- _Assignment_:
Transcribe all records below exactly, without images.

[Extracted records]
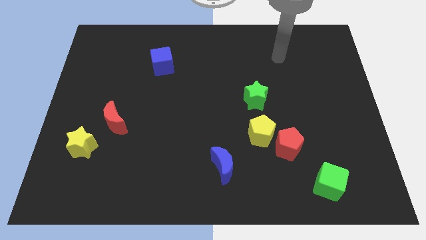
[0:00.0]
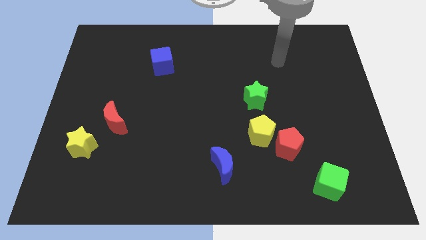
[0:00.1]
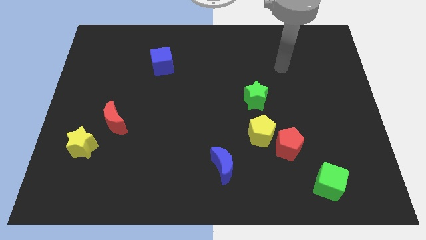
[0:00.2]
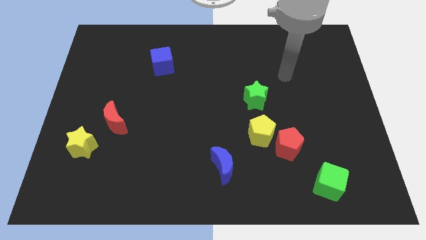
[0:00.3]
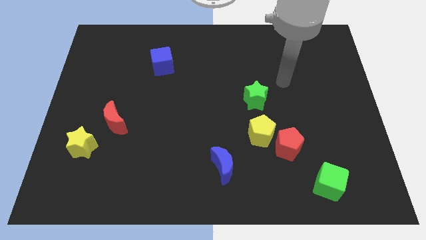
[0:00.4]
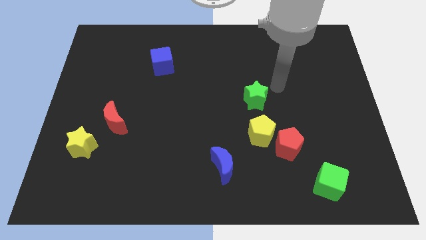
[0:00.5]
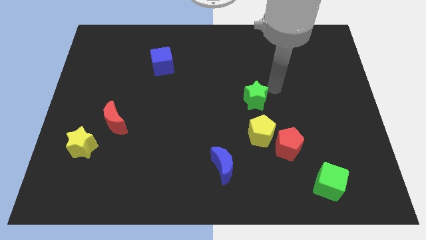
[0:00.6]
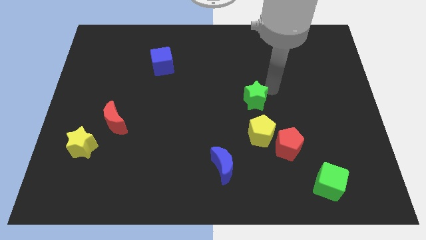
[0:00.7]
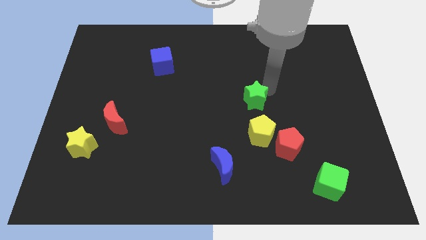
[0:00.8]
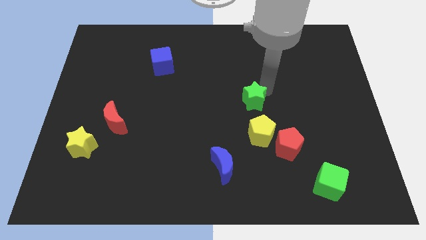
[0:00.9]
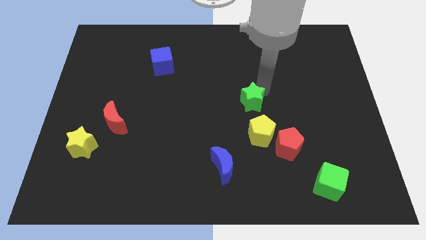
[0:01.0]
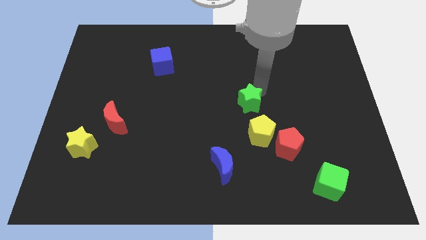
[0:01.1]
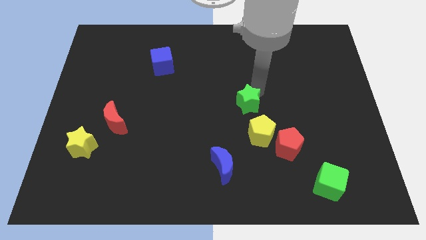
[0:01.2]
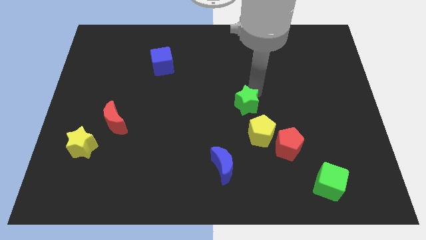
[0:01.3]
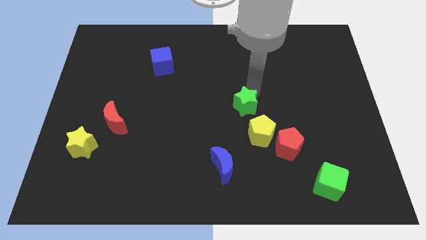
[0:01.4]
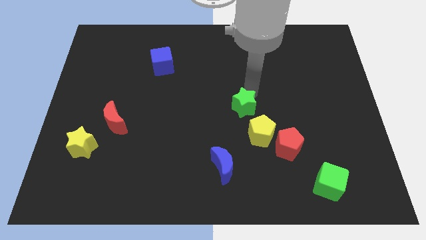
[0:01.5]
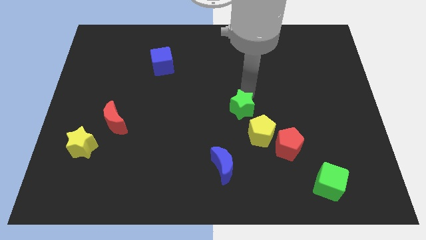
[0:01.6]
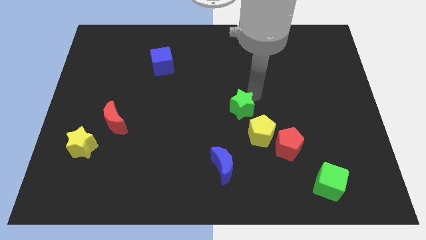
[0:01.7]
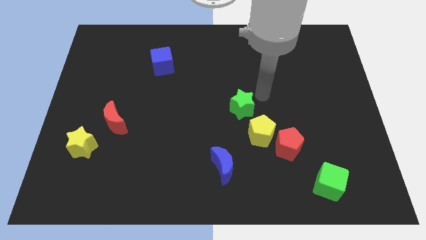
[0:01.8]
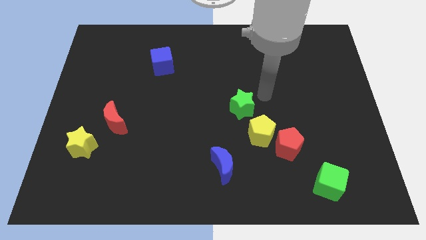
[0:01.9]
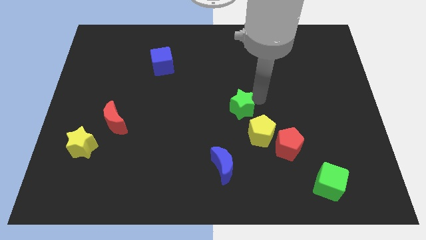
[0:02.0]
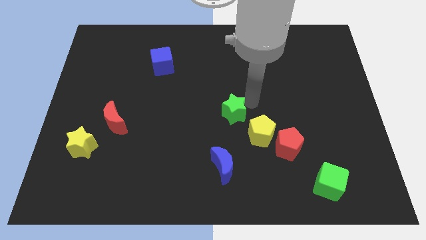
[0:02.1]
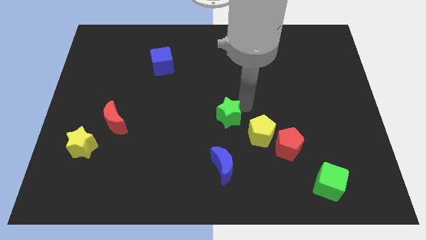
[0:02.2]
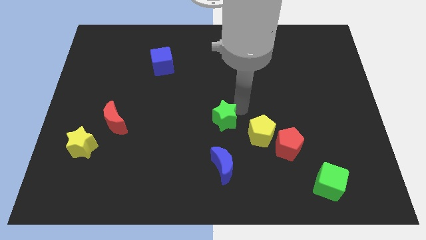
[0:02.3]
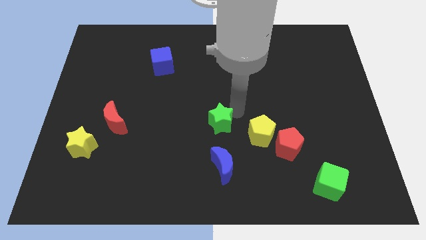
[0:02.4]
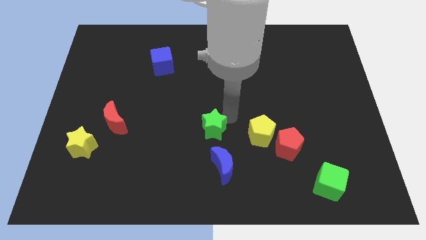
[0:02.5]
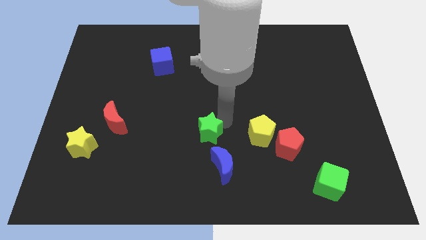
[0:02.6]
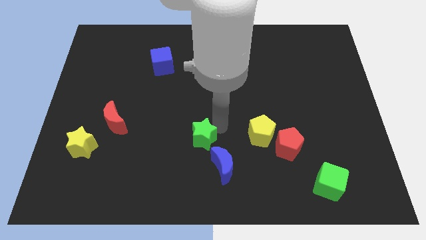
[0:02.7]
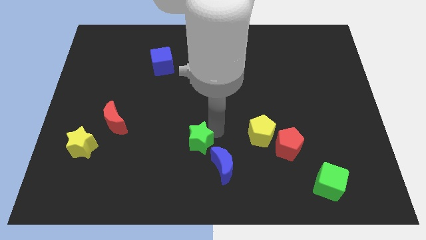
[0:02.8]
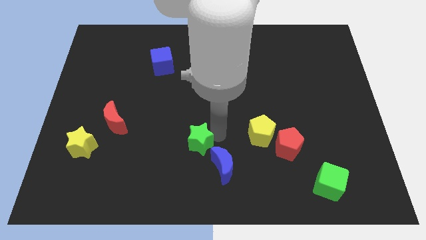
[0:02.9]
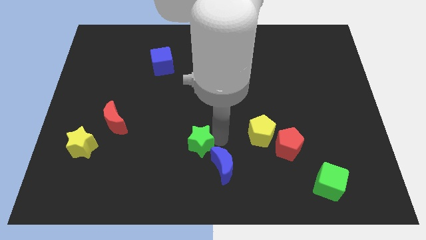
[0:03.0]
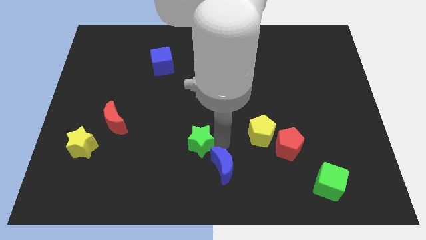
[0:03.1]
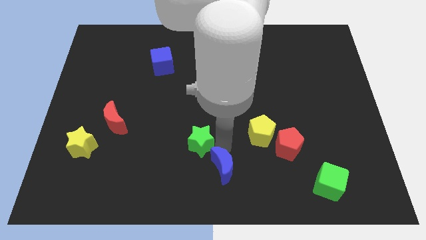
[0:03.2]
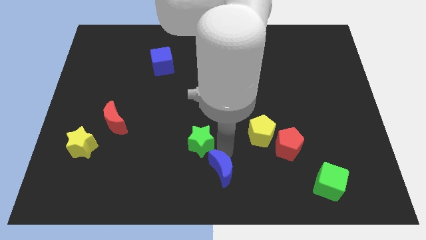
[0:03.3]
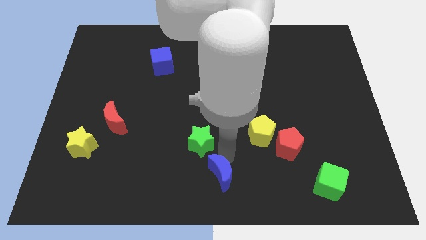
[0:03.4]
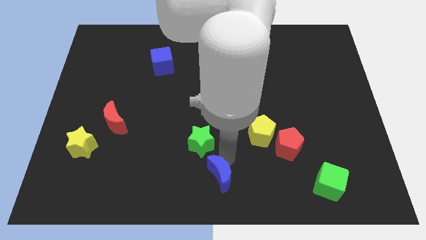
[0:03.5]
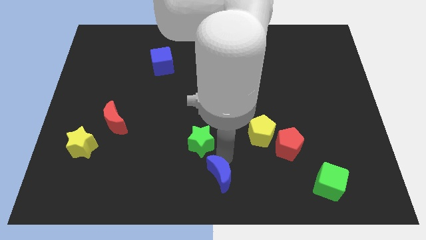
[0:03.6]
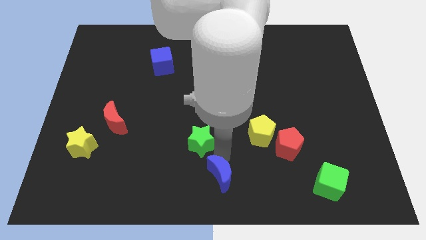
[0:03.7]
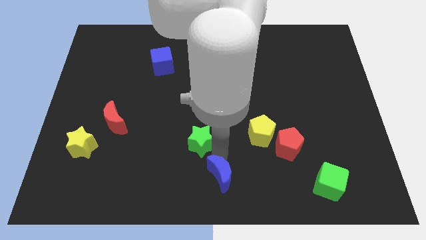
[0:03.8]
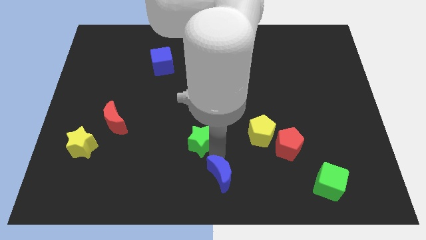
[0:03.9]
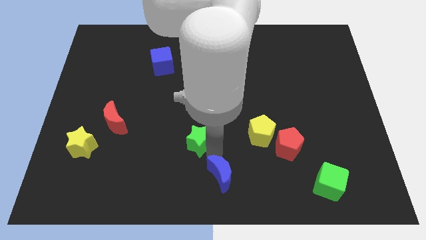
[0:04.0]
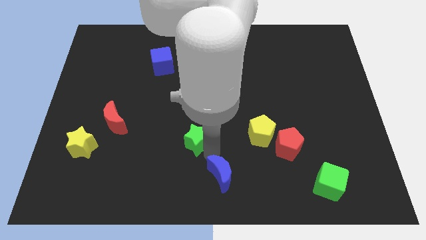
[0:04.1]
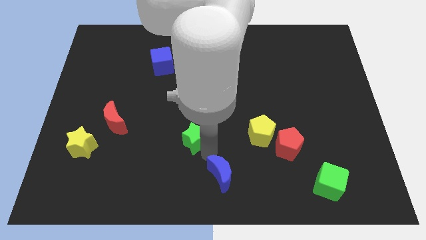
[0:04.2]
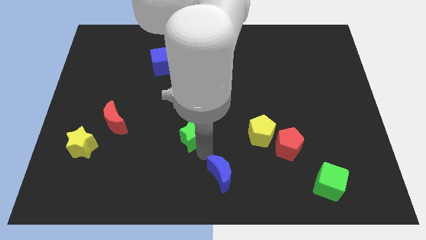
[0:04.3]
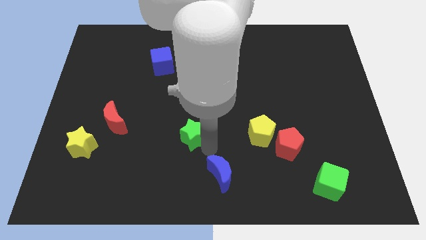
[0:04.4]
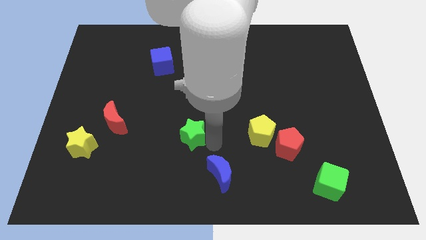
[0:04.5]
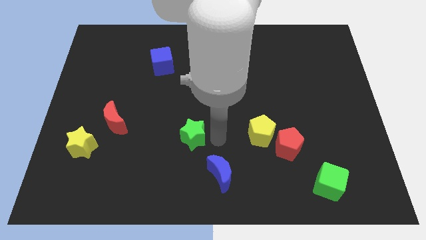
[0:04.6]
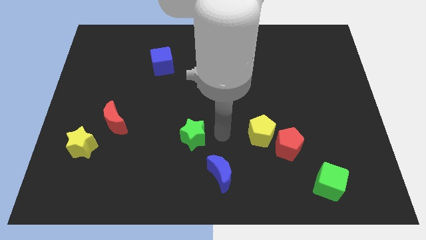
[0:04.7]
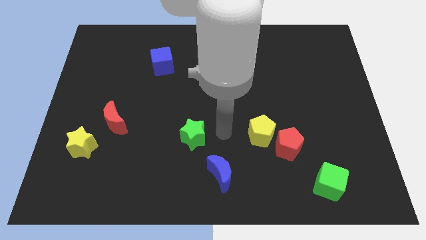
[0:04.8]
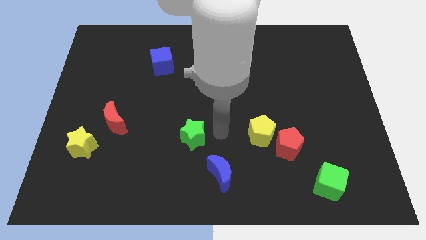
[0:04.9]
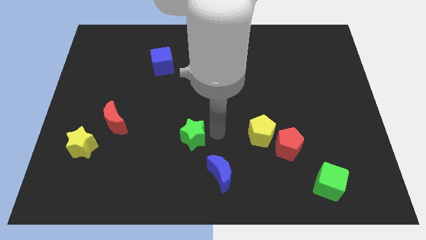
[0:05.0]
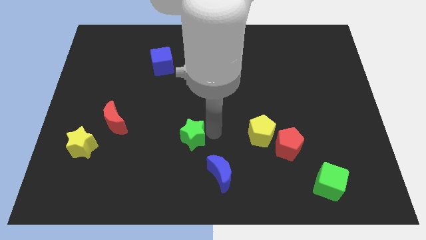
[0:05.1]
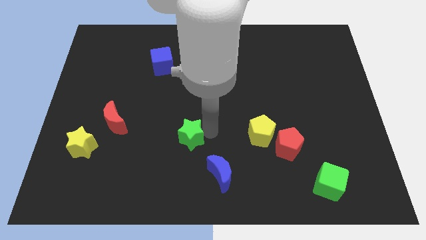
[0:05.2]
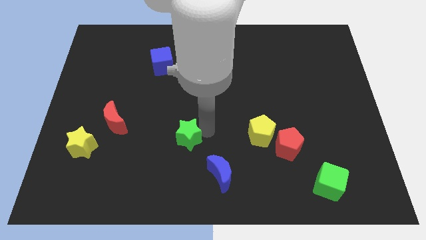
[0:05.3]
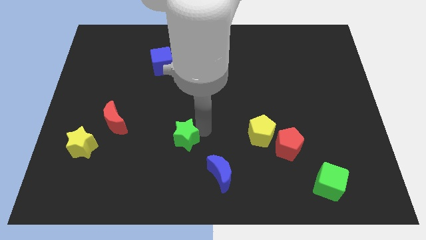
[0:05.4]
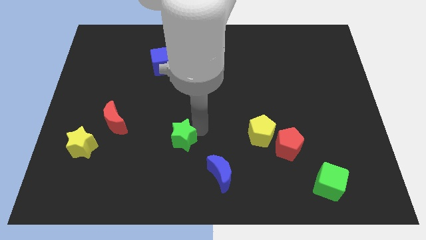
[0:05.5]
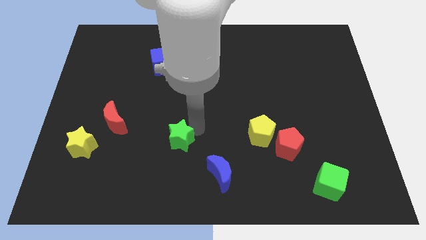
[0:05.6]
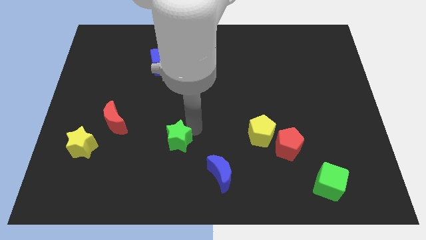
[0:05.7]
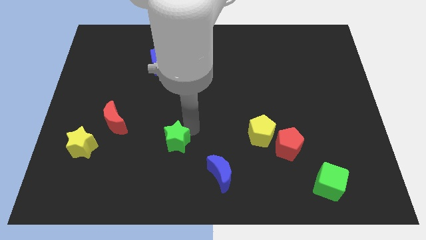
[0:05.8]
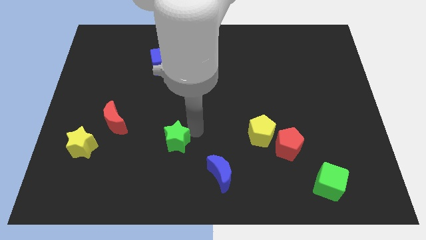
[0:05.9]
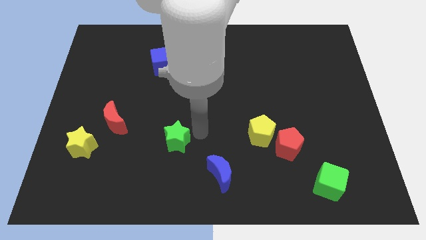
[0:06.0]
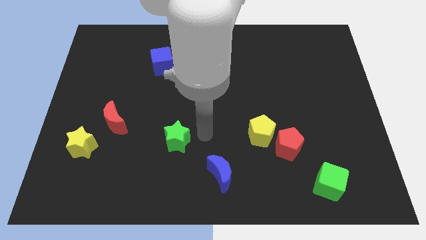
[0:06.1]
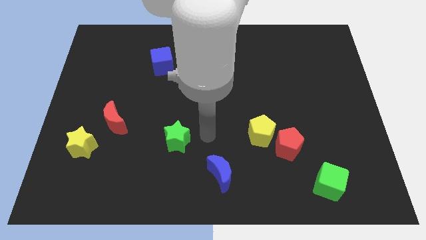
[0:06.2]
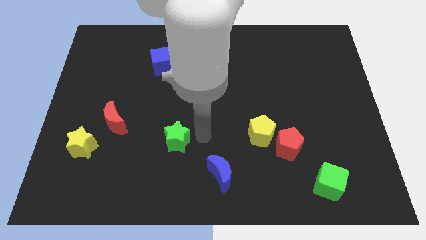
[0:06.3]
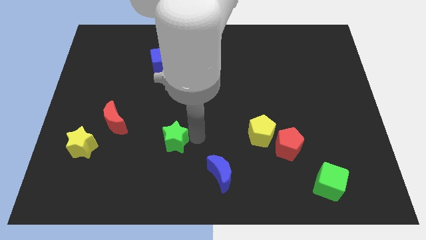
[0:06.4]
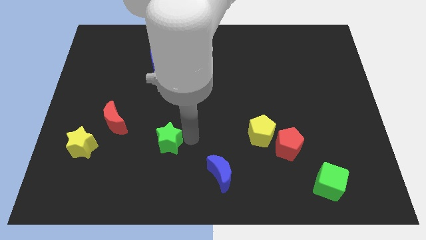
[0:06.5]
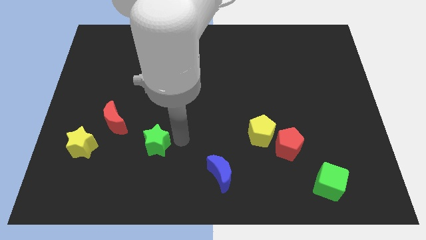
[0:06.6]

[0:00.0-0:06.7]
slide the green star to the right of the yellow star

- _Finished task_:
[0:00.0]
[0:00.1]
[0:00.2]
[0:00.3]
[0:00.4]
[0:00.5]
[0:00.6]
[0:00.7]
[0:00.8]
[0:00.9]
[0:01.0]
[0:01.1]
[0:01.2]
[0:01.3]
[0:01.4]
[0:01.5]
[0:01.6]
[0:01.7]
[0:01.8]
[0:01.9]
[0:02.0]
[0:02.1]
[0:02.2]
[0:02.3]
[0:02.4]
[0:02.5]
[0:02.6]
[0:02.7]
[0:02.8]
[0:02.9]
[0:03.0]
[0:03.1]
[0:03.2]
[0:03.3]
[0:03.4]
[0:03.5]
[0:03.6]
[0:03.7]
[0:03.8]
[0:03.9]
[0:04.0]
[0:04.1]
[0:04.2]
[0:04.3]
[0:04.4]
[0:04.5]
[0:04.6]
[0:04.7]
[0:04.8]
[0:04.9]
[0:05.0]
[0:05.1]
[0:05.2]
[0:05.3]
[0:05.4]
[0:05.5]
[0:05.6]
[0:05.7]
[0:05.8]
[0:05.9]
[0:06.0]
[0:06.1]
[0:06.2]
[0:06.3]
[0:06.4]
[0:06.5]
[0:06.6]

[0:00.0-0:06.7]
slide the green star to the right of the yellow star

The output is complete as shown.